MOSAIc baseline data showed that insulin intensification in LA is not optimal and identified several conditions that significantly affect attaining appropriate HbA1c values. Tailored public health strategies, including education, should be developed to overcome such barriers.

Trial Registration NCT01400971

Keywords

Type 2 diabetes Latin America Observational study Quality of care Psychological impact Diabetes knowledge Diabetes self-care management Insulin treatment Diabetes education

Background

Although it is widely accepted that tight glycemic control is associated with a decreased risk of diabetes-related complications [15], poor control (herein defined as HbA1c >7.0 %) is commonly recorded worldwide and the available data show that Latin America (LA) is not an exception [611]. Despite clear treatment algorithms established within international guidelines, insulin therapy is frequently delayed even after long periods of poor metabolic control [12, 13]. Furthermore, observational data and evidence provided by multiple clinical trials implemented in different countries demonstrate a lack of treatment goal achievement among insulin-treated patients [1418].

Although insulin therapy has been shown to significantly reduce glycated hemoglobin (HbA1c) levels, patients and physicians are often reluctant to initiate insulin therapy.

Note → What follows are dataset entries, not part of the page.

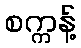
စက္ကန့်
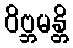
ဝိဗ္ဘမန္တိ
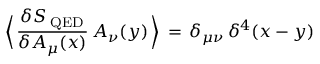
\Big \langle \, \frac { \delta S _ { \mathrm { \tiny ~ Q E D } } } { \delta A _ { \mu } ( x ) } \, A _ { \nu } ( y ) \, \Big \rangle \, = \, \delta _ { \mu \nu } \, \delta ^ { 4 } ( x - y )
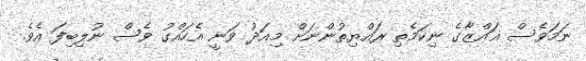
ނަމަވެސް ޣައްޒާގެ ނިކަމެތި ރައްޔިތުންނަށް މިއަދު ވަނީ އެހައްގު ވެސް ނުލިބިފަ އެވެ.
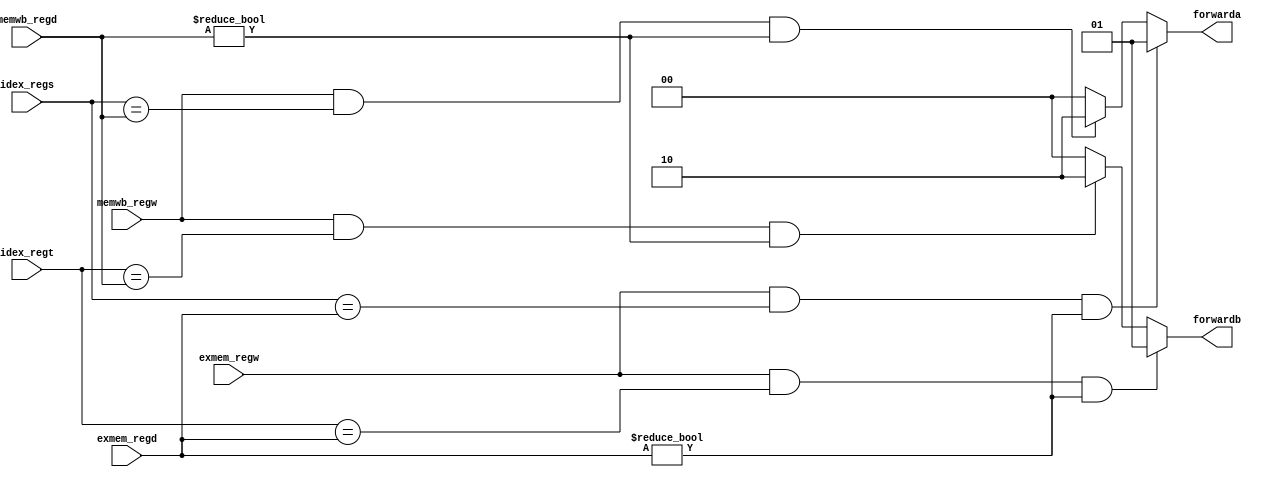
//////////////////////////////////////////////////////////////////////////////////
// Company:
// Engineer:
//
// Create Date:
// Design Name:
// Module Name:    Forwarding
// Project Name:
// Target Devices:
// Tool versions:
// Description:
//
// Dependencies:
//
// Revision:
// Revision
// Additional Comments:
//
//////////////////////////////////////////////////////////////////////////////////
module Forwarding(
            exmem_regw,
            memwb_regw,
            idex_regs,
            idex_regt,
            exmem_regd,
            memwb_regd,
            forwarda,
            forwardb
            );

input       exmem_regw;
input       memwb_regw;
input [4:0] idex_regs;
input [4:0] idex_regt;
input [4:0] exmem_regd;
input [4:0] memwb_regd;
output [1:0] forwarda;
output [1:0] forwardb;

reg [1:0] forwarda;
reg [1:0] forwardb;

always@(*) begin
    if(exmem_regw == 1'b1 && idex_regs == exmem_regd && exmem_regd != 5'd0)
        forwarda <= 2'b01;
    else if(memwb_regw == 1'b1 && idex_regs == memwb_regd && memwb_regd != 5'd0)
        forwarda <= 2'b10;
    else
        forwarda <= 2'b00;
end

always@(*) begin
    if(exmem_regw == 1'b1 && idex_regt == exmem_regd && exmem_regd != 5'd0)
        forwardb <= 2'b01;
    else if(memwb_regw == 1'b1 && idex_regt == memwb_regd && memwb_regd != 5'd0)
        forwardb <= 2'b10;
    else
        forwardb <= 2'b00;
end

endmodule

Studies suggest that the reasons for this inertia on behalf of patients include a perceived lack of efficacy, negative impact on lifestyle, injection phobia, and fear of weight gain or hypoglycemic events [19]. Physician barriers include fears for their patients’ safety (including weight gain and hypoglycemia), a perceived greater drain on physician’s resources (time and cost), and concern that insulin regimens are too complex for patients to understand and will result in poor adherence [20]. Health care system factors, such as limited access to medication, care, and out of pocket expenditures, represent additional barriers to insulin therapy initiation [2123]. This multicomponent situation represents the major hurdles to overcome to achieve a successful initiation of, and persistence on, insulin therapy.

Despite these known barriers and their negative impact on the achievement of appropriate metabolic control, to the authors’ knowledge no longitudinal study is currently available that attempts to address this important issue. Moreover, considering the scarce achievement of treatment goals in patients under insulin treatment, it is necessary to identify the barriers to intensifying insulin therapy and which of these barriers are most likely to impact outcomes.

The Multinational Observational Study Assessing Insulin use (MOSAIc) study is a multinational observational cohort study aiming at identifying the patient-, physician-, and health care environment-based factors associated with insulin initiation and progression in patients with type 2 diabetes mellitus (T2DM) in real-world practice. Data collected include demographic, clinical, and psychosocial indicators at the patient and physician level and practice site characteristics recorded at baseline and regular intervals during a 24-month follow-up period [24]. This analysis attempts to identify particular challenges faced by patients treated with insulin in LA. We have compared baseline demographic, clinical, and psychosocial characteristics of the overall MOSAIc cohort to that of three LA countries.

Methods

Study design

The rationale and design of the MOSAIc study have been reported elsewhere [24]. Briefly, MOSAIc is a multinational, non-interventional, prospective, observational cohort study due for completion in December 2015. Participants were recruited from July 2011 to July 2013 at 223 sites in 18 countries [United Arab Emirates (UAE), Argentina, Brazil, Canada, China, Germany, India, Israel, Italy, Japan, Mexico, Russia, Saudi Arabia, South Korea, Spain, Turkey, the UK, and the US (including Puerto Rico)].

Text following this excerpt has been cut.